_Dataset entries:_
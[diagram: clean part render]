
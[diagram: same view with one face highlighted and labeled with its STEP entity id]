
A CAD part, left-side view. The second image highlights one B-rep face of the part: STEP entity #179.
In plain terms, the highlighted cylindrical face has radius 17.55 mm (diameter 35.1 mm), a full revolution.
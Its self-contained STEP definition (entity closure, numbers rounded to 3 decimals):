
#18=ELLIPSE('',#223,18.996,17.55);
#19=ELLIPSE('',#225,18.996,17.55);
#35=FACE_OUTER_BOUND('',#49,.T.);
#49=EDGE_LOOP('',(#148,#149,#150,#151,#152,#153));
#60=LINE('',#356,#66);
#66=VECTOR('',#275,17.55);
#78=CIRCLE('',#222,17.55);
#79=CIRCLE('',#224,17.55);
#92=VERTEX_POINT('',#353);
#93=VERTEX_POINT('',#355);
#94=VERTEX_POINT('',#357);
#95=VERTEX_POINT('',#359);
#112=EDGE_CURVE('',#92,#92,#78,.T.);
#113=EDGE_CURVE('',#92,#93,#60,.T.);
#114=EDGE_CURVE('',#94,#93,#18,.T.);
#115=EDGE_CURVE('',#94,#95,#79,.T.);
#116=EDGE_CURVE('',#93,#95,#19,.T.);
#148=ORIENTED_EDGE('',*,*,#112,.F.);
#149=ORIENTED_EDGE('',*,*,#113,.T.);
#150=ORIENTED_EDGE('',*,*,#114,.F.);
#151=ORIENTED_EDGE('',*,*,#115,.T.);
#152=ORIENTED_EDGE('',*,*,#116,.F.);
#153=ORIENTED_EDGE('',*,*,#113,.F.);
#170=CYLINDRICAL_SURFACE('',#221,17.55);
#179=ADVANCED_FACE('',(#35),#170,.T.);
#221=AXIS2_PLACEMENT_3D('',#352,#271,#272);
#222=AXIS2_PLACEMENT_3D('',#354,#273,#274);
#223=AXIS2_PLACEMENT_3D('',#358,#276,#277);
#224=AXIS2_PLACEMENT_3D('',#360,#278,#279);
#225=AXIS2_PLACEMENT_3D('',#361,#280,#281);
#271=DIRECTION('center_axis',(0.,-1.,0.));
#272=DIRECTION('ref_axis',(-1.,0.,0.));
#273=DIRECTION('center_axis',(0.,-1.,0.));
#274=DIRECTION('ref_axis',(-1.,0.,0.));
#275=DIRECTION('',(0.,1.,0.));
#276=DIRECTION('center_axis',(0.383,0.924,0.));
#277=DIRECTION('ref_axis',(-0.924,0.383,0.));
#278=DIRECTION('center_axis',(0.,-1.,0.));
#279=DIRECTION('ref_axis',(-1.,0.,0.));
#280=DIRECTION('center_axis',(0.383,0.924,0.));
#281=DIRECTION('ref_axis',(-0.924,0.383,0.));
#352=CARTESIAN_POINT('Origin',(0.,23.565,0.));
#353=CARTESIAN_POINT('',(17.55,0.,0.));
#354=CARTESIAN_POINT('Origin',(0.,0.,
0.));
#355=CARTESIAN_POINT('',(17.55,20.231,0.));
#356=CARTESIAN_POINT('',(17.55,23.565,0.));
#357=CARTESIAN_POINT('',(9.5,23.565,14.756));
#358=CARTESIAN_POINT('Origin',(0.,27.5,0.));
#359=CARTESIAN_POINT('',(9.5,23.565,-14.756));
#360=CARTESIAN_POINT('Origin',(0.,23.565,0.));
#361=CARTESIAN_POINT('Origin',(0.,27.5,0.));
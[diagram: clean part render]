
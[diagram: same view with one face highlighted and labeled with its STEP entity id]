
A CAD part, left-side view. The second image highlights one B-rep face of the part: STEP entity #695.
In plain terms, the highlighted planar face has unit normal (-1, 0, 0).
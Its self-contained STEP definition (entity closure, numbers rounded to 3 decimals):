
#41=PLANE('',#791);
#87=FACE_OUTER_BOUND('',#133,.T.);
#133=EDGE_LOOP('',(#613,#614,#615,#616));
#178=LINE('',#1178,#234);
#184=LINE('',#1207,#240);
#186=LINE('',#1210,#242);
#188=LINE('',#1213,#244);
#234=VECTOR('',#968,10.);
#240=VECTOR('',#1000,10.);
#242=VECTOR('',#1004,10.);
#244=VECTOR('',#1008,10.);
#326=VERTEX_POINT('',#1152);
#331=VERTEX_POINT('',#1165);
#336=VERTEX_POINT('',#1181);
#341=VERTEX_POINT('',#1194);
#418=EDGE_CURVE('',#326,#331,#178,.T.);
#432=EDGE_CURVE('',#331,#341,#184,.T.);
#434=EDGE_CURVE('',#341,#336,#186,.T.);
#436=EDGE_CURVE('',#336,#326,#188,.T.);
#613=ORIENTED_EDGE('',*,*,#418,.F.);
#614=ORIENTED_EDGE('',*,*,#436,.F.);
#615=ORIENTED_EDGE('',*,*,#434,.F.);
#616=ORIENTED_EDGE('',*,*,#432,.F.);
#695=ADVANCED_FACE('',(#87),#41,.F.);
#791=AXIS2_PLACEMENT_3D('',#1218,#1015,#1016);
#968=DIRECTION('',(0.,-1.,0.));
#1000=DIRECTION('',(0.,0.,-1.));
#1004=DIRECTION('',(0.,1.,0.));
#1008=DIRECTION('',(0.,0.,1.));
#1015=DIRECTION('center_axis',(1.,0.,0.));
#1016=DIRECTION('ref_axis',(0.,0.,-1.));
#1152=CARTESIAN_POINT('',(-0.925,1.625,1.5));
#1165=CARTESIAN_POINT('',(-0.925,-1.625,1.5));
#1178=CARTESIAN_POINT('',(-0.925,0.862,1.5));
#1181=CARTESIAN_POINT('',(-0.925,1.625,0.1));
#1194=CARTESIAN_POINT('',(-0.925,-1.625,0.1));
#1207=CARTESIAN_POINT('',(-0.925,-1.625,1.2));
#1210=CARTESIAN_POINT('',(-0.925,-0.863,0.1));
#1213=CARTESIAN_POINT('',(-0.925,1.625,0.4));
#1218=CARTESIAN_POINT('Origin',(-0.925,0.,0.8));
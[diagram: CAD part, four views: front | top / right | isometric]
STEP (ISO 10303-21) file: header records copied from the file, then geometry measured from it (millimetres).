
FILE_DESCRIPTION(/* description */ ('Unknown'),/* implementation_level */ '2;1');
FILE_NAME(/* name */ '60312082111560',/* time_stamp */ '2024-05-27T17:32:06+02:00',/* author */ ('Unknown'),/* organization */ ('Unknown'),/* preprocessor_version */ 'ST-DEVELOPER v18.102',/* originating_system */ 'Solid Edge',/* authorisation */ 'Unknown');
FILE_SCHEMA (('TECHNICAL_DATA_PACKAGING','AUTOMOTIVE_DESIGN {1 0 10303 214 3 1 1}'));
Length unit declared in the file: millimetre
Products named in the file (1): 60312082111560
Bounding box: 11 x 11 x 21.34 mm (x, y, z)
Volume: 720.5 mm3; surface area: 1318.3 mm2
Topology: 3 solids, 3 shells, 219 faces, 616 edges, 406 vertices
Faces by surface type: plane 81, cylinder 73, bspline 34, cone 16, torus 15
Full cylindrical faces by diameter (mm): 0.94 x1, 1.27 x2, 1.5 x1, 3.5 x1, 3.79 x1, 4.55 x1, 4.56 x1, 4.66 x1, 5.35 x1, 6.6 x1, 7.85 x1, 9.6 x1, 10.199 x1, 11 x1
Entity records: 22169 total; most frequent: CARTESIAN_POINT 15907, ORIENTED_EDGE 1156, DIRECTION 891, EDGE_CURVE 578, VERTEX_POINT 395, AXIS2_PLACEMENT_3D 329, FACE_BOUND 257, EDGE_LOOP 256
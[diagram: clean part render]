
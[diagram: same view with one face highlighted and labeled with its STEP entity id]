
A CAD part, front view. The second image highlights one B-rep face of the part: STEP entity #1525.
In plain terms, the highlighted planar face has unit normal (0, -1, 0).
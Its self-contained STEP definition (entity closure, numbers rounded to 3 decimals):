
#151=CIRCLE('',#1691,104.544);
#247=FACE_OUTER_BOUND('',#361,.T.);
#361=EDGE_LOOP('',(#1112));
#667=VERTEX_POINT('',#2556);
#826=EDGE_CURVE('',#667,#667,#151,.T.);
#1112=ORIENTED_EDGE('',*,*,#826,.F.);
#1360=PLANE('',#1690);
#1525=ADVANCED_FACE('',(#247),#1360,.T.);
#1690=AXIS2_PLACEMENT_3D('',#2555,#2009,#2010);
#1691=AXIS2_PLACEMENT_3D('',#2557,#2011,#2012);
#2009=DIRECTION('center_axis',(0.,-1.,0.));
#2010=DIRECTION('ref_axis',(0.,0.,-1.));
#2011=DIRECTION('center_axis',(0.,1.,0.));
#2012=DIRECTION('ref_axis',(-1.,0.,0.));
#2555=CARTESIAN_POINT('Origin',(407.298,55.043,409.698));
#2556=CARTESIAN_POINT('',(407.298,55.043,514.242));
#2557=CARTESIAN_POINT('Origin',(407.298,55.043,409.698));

_Assigned task:_ Everything from the line with "#2010=DIRECTION('ref_axis',(0.,0.,-1.));" to the last line of the entries is to be written out exactly; omit all earlier lines.

_Finished exercise:_
#2010=DIRECTION('ref_axis',(0.,0.,-1.));
#2011=DIRECTION('center_axis',(0.,1.,0.));
#2012=DIRECTION('ref_axis',(-1.,0.,0.));
#2555=CARTESIAN_POINT('Origin',(407.298,55.043,409.698));
#2556=CARTESIAN_POINT('',(407.298,55.043,514.242));
#2557=CARTESIAN_POINT('Origin',(407.298,55.043,409.698));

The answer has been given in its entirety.